*** Opening INFORMATION GIVEN ***
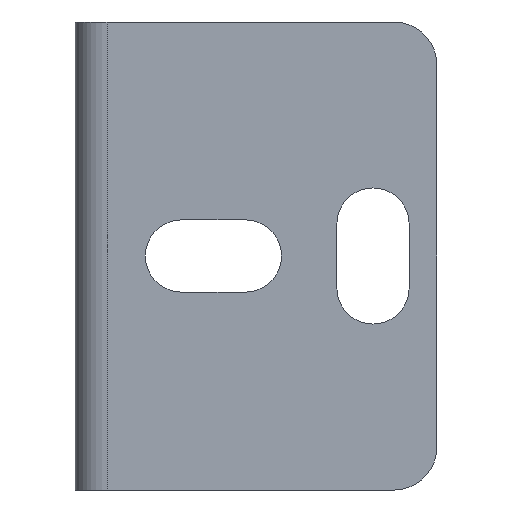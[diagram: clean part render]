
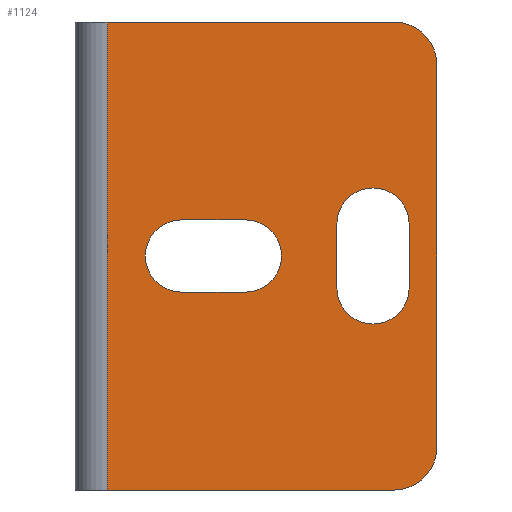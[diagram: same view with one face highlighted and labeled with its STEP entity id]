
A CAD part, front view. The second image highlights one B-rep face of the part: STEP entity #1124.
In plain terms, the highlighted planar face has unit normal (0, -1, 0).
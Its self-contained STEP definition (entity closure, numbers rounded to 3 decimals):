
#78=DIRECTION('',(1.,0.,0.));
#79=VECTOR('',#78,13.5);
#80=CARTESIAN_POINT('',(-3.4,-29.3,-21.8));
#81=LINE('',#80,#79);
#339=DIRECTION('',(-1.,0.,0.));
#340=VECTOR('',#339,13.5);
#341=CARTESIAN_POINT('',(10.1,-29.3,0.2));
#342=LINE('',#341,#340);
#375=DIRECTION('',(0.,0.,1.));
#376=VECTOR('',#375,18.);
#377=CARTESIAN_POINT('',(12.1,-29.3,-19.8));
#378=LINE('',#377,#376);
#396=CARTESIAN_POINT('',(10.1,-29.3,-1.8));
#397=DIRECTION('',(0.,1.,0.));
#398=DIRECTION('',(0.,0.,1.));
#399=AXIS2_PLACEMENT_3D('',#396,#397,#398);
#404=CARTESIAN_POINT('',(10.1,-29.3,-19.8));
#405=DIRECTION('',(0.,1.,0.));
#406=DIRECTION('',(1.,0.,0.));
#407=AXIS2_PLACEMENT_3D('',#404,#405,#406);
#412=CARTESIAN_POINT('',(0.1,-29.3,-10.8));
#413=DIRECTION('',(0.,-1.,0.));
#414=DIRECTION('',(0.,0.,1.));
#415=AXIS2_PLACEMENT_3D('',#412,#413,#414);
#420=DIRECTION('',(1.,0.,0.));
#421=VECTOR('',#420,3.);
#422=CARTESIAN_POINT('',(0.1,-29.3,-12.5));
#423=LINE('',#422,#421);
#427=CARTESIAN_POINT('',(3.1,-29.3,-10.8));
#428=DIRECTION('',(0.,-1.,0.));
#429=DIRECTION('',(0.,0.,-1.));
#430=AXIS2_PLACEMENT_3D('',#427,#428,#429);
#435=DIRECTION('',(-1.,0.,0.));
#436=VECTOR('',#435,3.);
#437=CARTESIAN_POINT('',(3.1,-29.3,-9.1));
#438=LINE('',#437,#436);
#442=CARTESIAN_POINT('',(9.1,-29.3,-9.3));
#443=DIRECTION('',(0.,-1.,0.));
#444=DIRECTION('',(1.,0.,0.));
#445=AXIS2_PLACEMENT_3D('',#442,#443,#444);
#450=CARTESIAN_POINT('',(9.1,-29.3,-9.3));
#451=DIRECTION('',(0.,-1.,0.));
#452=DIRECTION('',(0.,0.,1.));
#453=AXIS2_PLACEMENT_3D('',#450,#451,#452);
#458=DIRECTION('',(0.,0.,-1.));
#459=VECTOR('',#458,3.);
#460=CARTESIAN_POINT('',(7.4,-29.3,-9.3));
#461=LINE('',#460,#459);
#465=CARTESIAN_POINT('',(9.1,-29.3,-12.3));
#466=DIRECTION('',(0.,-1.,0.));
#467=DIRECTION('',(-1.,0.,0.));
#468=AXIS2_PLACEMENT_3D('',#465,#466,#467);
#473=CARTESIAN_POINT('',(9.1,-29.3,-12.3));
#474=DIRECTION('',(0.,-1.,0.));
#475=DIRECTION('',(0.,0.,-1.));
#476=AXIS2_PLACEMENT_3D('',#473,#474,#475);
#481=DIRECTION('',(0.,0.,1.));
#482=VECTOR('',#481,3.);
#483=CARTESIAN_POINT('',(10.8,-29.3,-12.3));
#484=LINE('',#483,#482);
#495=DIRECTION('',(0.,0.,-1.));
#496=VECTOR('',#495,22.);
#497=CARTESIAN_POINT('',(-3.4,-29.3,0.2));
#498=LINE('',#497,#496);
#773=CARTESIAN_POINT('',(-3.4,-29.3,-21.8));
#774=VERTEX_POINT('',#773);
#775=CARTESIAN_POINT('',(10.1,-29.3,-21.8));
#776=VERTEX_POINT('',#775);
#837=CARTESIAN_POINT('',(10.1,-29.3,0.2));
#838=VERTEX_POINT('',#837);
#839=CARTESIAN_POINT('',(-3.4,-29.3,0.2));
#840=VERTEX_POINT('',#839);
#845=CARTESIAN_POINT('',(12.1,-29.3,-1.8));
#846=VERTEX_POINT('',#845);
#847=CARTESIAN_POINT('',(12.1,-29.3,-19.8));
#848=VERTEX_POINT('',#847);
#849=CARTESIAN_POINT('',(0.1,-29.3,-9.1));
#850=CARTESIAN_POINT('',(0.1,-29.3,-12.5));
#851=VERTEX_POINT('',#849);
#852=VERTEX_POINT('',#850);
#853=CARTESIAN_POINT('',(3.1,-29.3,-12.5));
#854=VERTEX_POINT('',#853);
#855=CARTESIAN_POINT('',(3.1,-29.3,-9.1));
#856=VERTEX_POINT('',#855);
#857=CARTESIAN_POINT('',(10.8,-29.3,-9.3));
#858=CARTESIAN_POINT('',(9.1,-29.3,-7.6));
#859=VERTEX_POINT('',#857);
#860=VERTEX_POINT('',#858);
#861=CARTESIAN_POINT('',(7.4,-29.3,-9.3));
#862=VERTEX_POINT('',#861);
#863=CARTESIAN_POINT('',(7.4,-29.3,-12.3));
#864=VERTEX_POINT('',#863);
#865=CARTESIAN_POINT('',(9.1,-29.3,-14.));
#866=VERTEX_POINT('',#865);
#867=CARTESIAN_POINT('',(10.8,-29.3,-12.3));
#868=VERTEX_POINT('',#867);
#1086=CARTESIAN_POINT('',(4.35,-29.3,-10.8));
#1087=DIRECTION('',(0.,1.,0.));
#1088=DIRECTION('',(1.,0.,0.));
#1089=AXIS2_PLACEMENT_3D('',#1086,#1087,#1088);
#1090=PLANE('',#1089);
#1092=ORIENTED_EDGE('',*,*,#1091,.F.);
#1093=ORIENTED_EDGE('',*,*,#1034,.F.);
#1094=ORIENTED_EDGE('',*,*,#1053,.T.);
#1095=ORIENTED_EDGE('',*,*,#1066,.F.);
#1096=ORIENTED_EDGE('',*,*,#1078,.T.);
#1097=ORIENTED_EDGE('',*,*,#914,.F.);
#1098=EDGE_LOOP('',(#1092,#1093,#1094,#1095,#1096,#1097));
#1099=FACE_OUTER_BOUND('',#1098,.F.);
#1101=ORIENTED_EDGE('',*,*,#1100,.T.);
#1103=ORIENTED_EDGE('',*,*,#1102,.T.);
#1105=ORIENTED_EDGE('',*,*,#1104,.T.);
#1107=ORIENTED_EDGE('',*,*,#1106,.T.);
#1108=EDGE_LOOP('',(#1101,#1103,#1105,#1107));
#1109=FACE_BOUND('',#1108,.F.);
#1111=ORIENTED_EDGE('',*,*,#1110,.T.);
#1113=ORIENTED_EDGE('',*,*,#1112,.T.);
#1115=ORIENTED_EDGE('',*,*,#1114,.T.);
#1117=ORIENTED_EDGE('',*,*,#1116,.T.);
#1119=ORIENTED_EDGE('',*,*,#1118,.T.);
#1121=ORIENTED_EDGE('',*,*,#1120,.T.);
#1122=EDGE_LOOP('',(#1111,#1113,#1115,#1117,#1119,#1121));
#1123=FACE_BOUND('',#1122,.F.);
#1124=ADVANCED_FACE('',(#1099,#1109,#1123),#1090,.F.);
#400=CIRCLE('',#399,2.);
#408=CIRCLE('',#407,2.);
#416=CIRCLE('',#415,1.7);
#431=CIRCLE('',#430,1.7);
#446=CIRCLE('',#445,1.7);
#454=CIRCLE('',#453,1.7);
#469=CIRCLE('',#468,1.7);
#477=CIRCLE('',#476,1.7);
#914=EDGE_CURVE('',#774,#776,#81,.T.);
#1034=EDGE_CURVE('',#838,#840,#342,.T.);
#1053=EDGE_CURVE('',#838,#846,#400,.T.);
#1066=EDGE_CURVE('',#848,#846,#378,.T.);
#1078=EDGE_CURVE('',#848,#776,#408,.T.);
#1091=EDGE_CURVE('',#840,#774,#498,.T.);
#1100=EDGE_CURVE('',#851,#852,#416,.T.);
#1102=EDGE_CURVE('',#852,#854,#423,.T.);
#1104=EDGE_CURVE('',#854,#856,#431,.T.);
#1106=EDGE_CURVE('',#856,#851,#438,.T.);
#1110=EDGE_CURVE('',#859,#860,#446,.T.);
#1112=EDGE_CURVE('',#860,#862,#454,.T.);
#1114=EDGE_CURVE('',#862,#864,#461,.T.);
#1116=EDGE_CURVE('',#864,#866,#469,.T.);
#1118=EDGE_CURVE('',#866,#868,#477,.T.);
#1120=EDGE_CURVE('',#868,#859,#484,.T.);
*** Closing INFORMATION GIVEN ***
PROBLEM TO SOLVE
Exactly the lines from the one containing "#1078=EDGE_CURVE('',#848,#776,#408,.T.);" through the final line of the records must appear in your reply, and no others.

WRITTEN ANSWER
#1078=EDGE_CURVE('',#848,#776,#408,.T.);
#1091=EDGE_CURVE('',#840,#774,#498,.T.);
#1100=EDGE_CURVE('',#851,#852,#416,.T.);
#1102=EDGE_CURVE('',#852,#854,#423,.T.);
#1104=EDGE_CURVE('',#854,#856,#431,.T.);
#1106=EDGE_CURVE('',#856,#851,#438,.T.);
#1110=EDGE_CURVE('',#859,#860,#446,.T.);
#1112=EDGE_CURVE('',#860,#862,#454,.T.);
#1114=EDGE_CURVE('',#862,#864,#461,.T.);
#1116=EDGE_CURVE('',#864,#866,#469,.T.);
#1118=EDGE_CURVE('',#866,#868,#477,.T.);
#1120=EDGE_CURVE('',#868,#859,#484,.T.);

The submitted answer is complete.